**Aim of the exercise:**
Go through the data line by line and count the lines that hold "shrub". Reply with the total only.

Stored records:
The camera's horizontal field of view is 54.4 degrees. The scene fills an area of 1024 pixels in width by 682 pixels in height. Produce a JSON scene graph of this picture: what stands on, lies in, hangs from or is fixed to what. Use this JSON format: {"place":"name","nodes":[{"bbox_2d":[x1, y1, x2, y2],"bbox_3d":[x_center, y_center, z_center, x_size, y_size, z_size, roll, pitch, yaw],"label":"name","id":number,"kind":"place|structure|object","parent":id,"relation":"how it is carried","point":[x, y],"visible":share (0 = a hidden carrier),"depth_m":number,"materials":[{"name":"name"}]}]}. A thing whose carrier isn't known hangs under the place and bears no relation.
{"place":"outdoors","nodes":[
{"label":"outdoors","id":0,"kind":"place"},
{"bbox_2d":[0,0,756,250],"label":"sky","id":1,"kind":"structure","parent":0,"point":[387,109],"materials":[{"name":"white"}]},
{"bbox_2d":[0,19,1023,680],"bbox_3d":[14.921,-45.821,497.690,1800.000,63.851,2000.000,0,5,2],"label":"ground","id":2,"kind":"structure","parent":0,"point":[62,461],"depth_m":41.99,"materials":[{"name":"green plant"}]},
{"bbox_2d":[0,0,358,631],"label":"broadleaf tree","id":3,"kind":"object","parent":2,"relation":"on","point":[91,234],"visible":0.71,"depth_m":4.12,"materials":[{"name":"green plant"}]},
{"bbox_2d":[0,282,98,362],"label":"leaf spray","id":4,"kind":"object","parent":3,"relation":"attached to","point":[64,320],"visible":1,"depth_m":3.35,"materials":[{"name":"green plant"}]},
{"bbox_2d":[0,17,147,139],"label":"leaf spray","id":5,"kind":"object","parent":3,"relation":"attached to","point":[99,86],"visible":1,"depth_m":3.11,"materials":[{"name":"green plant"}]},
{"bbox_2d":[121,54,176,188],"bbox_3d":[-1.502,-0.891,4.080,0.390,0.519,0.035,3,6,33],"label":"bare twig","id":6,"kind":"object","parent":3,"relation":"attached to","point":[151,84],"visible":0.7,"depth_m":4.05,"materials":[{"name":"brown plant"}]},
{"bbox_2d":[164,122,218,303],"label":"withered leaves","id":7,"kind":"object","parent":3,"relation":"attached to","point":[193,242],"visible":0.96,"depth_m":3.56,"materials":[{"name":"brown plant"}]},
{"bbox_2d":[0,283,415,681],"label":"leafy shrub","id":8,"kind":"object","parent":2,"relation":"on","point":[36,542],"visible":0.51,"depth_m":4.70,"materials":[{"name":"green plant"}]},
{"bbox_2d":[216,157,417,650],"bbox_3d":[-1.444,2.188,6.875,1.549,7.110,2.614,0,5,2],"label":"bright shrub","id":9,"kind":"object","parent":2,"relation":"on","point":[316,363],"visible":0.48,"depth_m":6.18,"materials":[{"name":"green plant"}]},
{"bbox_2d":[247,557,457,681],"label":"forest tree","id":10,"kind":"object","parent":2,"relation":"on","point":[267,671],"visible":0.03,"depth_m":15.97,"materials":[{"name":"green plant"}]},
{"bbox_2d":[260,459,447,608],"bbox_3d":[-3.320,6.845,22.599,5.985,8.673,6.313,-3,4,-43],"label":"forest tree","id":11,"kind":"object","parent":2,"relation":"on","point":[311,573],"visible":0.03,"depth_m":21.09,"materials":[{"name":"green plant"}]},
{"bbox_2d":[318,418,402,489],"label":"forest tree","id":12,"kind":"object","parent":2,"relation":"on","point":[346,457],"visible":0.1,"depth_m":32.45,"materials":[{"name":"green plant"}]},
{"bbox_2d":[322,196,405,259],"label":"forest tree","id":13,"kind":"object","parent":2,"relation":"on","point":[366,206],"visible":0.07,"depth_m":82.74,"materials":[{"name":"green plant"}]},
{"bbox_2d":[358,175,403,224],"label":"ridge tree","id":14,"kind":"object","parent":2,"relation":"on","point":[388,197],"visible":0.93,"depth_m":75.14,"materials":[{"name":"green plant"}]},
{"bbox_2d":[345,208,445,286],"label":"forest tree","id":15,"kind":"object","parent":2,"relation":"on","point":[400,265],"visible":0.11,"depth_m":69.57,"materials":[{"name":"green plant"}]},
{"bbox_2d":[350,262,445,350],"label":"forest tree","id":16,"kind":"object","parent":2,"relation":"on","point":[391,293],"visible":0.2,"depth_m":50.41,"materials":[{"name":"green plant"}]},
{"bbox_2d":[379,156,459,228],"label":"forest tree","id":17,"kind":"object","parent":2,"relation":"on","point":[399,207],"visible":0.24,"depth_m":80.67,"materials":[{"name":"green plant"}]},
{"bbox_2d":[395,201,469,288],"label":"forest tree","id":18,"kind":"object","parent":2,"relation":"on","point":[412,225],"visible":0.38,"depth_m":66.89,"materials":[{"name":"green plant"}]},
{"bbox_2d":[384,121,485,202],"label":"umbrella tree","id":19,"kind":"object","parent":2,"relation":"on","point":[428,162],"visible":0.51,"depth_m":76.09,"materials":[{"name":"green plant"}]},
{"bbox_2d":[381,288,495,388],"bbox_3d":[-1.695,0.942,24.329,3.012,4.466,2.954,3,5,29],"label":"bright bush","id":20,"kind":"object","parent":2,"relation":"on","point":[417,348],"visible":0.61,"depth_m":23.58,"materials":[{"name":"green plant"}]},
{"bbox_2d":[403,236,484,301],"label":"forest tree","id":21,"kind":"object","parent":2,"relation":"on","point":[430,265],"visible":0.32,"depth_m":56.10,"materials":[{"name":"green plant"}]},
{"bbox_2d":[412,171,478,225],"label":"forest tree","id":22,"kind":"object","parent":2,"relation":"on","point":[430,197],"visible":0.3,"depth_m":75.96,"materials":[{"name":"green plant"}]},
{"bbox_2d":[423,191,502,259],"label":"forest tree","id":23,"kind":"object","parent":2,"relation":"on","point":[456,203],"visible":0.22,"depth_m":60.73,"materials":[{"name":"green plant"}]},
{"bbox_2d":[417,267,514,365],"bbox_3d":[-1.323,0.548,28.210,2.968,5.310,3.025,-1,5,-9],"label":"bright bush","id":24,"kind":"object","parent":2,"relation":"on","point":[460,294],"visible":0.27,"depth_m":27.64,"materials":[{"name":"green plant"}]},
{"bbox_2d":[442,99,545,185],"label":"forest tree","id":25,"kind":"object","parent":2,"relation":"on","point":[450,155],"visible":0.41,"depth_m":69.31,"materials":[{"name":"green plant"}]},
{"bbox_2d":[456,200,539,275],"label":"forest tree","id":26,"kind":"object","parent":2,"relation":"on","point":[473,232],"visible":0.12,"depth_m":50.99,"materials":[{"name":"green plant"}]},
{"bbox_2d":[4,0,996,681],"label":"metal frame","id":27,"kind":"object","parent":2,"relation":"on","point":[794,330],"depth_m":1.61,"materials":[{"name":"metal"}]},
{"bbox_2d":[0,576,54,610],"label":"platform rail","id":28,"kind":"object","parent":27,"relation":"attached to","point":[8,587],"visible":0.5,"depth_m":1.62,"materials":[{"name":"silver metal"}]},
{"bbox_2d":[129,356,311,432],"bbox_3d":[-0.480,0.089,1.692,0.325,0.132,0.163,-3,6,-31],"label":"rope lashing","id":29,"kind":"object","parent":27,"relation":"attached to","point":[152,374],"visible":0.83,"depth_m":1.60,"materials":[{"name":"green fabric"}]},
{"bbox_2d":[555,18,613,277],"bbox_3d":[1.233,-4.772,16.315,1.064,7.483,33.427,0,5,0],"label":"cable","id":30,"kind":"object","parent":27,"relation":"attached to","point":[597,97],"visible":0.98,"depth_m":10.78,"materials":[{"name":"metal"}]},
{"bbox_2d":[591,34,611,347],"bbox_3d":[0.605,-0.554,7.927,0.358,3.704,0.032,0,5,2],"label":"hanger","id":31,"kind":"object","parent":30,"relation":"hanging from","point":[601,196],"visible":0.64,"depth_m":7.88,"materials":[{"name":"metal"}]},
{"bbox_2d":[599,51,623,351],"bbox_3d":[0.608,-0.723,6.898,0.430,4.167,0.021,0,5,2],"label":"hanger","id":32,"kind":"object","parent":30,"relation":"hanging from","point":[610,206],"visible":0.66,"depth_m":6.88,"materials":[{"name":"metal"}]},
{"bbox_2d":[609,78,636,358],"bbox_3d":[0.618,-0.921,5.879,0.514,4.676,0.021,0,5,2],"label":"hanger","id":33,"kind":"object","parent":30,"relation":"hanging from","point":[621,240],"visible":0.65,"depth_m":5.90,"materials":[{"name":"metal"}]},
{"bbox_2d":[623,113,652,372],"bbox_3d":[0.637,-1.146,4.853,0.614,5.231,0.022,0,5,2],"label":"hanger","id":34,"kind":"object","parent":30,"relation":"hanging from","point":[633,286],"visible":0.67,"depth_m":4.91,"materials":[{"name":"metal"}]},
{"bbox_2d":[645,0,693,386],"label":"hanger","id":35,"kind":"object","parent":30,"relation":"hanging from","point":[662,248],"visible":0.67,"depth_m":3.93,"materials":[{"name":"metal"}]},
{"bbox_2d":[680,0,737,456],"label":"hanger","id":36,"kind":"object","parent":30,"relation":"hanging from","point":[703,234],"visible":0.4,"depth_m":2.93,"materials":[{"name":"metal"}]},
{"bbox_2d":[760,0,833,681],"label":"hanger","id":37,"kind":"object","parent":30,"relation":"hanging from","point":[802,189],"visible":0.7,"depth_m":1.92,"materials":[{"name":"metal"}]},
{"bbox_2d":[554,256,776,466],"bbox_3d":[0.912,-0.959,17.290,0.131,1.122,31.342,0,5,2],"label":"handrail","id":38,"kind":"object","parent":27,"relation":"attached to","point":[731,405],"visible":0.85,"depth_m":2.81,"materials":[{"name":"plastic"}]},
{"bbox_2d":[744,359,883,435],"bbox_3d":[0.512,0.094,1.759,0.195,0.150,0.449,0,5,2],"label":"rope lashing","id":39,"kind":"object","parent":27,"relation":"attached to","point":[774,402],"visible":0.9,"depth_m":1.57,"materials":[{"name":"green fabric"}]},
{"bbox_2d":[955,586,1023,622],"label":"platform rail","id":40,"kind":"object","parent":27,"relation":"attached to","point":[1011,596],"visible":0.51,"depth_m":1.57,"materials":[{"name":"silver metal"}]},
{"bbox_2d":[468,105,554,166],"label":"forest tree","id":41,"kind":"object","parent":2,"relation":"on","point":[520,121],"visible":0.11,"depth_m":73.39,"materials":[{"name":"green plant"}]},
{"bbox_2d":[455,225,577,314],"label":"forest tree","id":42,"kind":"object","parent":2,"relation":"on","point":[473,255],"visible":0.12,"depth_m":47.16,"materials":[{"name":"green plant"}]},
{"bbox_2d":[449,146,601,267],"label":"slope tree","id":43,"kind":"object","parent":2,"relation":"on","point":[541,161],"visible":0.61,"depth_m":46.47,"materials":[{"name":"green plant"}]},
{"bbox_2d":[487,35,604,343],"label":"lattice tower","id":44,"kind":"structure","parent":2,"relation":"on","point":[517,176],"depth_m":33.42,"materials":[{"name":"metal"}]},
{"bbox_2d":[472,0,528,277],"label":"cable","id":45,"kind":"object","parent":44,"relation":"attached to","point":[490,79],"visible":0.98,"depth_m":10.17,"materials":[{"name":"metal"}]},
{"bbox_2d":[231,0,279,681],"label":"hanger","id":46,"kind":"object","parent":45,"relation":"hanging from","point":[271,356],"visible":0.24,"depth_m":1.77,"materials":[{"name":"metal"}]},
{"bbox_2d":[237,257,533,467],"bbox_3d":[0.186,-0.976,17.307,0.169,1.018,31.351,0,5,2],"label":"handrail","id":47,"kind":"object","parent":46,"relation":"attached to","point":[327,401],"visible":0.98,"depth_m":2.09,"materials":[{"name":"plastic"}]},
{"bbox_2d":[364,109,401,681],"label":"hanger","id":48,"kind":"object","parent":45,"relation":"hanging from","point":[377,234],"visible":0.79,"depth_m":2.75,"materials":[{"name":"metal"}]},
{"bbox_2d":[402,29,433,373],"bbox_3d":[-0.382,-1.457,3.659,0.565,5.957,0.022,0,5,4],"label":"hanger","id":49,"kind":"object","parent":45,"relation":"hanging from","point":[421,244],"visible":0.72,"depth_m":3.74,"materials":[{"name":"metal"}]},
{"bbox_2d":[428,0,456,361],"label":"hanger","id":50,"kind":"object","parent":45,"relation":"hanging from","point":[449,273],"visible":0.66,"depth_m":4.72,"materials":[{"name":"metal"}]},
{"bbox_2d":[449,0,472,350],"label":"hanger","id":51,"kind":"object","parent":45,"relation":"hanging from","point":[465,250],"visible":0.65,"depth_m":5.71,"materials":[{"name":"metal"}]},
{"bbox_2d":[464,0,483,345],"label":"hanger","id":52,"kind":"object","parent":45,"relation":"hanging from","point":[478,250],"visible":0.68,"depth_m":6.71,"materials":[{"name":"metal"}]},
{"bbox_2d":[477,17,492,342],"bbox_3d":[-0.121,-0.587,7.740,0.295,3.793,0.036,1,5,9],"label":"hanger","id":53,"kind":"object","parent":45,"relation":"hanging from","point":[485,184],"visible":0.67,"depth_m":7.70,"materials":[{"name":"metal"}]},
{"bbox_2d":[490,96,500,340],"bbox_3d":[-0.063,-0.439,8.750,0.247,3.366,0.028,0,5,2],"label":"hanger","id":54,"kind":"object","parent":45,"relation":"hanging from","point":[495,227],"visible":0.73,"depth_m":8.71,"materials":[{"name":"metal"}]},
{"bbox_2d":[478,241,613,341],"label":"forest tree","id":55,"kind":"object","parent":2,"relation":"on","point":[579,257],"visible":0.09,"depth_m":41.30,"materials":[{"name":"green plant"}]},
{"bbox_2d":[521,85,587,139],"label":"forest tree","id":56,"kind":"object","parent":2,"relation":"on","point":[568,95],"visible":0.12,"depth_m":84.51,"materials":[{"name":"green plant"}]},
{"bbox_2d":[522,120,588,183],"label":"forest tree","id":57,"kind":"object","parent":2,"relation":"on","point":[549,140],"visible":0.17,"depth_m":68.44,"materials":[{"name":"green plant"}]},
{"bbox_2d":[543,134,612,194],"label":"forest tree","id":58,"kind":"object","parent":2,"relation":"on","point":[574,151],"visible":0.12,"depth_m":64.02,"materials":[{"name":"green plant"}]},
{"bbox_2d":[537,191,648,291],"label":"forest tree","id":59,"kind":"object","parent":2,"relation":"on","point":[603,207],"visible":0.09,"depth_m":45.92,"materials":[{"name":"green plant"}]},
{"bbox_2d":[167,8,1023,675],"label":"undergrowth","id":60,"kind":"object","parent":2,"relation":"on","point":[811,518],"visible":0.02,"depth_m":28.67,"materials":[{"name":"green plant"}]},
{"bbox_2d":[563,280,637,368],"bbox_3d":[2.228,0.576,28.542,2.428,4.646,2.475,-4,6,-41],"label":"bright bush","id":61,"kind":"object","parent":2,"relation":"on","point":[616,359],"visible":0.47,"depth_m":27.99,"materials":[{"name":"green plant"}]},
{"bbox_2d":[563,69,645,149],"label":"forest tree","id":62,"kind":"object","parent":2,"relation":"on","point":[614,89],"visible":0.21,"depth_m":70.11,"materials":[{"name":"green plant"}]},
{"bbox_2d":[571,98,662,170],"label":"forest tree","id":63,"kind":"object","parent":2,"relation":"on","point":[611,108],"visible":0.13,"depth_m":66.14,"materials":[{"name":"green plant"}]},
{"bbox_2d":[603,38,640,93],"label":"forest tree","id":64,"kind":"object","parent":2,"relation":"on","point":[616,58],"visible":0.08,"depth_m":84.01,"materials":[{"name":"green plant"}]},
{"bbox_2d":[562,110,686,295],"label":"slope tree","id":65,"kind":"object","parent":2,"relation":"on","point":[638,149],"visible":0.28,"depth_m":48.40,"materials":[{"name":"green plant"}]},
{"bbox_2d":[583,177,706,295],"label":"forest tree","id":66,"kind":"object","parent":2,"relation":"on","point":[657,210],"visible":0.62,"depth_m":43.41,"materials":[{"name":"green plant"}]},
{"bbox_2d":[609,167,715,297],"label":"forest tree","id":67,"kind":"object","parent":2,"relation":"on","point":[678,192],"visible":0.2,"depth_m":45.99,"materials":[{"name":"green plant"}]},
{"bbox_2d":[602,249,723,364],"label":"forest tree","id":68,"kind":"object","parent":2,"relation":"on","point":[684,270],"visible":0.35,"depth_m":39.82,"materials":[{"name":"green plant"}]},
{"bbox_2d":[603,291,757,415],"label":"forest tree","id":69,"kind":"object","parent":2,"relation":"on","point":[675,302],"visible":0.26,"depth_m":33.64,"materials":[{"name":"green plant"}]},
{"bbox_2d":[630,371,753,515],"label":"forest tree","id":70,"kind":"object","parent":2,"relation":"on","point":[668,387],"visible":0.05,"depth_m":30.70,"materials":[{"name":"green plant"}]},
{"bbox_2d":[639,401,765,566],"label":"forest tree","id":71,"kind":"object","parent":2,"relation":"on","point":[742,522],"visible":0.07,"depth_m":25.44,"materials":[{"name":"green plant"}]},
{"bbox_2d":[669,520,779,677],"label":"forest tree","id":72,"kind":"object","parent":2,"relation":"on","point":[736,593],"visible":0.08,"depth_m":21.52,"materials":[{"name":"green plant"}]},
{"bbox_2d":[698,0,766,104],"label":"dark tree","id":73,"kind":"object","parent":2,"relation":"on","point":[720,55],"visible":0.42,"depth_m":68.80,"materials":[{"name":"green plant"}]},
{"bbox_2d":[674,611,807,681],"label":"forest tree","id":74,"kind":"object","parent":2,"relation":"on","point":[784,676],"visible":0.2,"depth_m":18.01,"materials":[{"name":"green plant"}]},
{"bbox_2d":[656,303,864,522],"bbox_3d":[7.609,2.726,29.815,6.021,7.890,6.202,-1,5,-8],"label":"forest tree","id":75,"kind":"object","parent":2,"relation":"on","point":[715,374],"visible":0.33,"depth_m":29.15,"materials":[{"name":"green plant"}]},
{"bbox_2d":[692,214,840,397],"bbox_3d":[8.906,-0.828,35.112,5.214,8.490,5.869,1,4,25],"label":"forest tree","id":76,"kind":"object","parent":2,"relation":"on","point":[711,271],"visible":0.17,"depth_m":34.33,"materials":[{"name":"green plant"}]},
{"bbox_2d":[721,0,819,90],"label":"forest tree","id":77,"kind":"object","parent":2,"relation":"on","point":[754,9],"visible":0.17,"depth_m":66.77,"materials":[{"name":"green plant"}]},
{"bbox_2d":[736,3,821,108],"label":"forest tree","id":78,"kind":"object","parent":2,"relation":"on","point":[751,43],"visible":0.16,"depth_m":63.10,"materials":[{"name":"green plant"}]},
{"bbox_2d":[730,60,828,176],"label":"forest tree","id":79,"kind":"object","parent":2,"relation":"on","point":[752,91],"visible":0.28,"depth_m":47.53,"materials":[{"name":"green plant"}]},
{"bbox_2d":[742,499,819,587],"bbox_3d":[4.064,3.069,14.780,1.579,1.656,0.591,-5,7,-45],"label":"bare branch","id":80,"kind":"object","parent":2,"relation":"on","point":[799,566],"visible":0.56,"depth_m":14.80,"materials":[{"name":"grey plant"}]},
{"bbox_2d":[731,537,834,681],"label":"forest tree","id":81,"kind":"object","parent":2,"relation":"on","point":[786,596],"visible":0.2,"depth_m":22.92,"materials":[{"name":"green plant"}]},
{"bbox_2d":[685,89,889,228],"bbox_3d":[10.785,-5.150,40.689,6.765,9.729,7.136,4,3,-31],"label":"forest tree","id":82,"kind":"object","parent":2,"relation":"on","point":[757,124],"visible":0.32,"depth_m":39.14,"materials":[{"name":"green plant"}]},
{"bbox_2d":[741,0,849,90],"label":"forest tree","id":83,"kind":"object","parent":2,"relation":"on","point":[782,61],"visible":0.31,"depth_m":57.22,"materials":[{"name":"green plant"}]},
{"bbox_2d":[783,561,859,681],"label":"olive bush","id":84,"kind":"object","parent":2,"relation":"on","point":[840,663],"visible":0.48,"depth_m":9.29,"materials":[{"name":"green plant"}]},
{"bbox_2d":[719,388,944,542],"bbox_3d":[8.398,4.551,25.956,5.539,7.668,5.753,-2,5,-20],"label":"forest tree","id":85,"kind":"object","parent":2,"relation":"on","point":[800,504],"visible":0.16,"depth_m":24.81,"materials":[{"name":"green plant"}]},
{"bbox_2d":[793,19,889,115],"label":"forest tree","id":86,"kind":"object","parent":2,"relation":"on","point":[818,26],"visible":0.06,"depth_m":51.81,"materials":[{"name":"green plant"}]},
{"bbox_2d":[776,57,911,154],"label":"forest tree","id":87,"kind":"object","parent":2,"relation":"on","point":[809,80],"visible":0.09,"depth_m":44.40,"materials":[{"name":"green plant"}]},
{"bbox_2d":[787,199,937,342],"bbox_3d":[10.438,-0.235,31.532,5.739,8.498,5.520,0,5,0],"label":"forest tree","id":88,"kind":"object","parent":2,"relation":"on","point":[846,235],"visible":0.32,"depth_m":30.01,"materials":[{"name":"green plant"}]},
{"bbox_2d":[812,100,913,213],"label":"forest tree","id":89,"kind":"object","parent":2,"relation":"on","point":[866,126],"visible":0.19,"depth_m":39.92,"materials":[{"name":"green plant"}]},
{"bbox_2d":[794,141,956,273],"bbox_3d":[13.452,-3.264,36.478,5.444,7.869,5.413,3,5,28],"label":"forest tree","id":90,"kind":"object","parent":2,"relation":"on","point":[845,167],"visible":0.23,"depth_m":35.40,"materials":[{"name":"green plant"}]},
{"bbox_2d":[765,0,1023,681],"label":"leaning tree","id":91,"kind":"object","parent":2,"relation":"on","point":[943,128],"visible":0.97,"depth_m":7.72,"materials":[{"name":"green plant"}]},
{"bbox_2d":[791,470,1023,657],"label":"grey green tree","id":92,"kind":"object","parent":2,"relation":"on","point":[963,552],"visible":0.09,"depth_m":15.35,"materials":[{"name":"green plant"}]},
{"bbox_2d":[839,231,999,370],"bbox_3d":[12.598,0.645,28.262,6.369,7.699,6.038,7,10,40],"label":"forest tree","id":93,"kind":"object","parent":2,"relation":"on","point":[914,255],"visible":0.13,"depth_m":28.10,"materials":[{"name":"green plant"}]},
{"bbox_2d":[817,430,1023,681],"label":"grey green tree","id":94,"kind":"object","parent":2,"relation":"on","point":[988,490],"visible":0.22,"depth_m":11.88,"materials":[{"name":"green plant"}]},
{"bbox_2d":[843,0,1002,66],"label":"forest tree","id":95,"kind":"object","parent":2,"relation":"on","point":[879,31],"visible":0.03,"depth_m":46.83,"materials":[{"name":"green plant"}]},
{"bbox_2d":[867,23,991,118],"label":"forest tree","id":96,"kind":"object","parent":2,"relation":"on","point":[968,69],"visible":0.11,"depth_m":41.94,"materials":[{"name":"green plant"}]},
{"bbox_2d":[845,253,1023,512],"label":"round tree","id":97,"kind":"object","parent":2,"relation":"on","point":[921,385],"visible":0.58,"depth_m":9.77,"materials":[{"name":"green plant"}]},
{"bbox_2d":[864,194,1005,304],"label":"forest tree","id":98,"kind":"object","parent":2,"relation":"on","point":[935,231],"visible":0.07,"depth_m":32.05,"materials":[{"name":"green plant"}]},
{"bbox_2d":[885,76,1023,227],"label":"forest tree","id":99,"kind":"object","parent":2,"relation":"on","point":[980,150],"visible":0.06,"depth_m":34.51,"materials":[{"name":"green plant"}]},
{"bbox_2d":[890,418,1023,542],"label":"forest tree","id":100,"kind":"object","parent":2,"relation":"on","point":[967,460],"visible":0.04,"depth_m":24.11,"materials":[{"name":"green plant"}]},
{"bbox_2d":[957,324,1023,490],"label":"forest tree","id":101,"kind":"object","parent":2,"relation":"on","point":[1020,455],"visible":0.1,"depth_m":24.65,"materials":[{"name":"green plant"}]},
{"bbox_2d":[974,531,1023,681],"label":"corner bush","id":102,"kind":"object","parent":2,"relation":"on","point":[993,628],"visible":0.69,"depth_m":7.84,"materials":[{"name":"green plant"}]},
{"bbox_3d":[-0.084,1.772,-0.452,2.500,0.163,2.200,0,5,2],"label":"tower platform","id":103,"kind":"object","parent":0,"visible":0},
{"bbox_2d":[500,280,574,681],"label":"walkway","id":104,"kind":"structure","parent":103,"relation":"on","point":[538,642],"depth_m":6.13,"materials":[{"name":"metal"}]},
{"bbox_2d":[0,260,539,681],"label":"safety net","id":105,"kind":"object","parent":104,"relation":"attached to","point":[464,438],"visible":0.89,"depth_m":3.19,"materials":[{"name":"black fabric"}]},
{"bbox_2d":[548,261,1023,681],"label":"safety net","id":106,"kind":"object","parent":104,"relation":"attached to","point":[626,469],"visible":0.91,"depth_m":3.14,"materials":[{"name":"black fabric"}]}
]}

**Answer to this task:**
2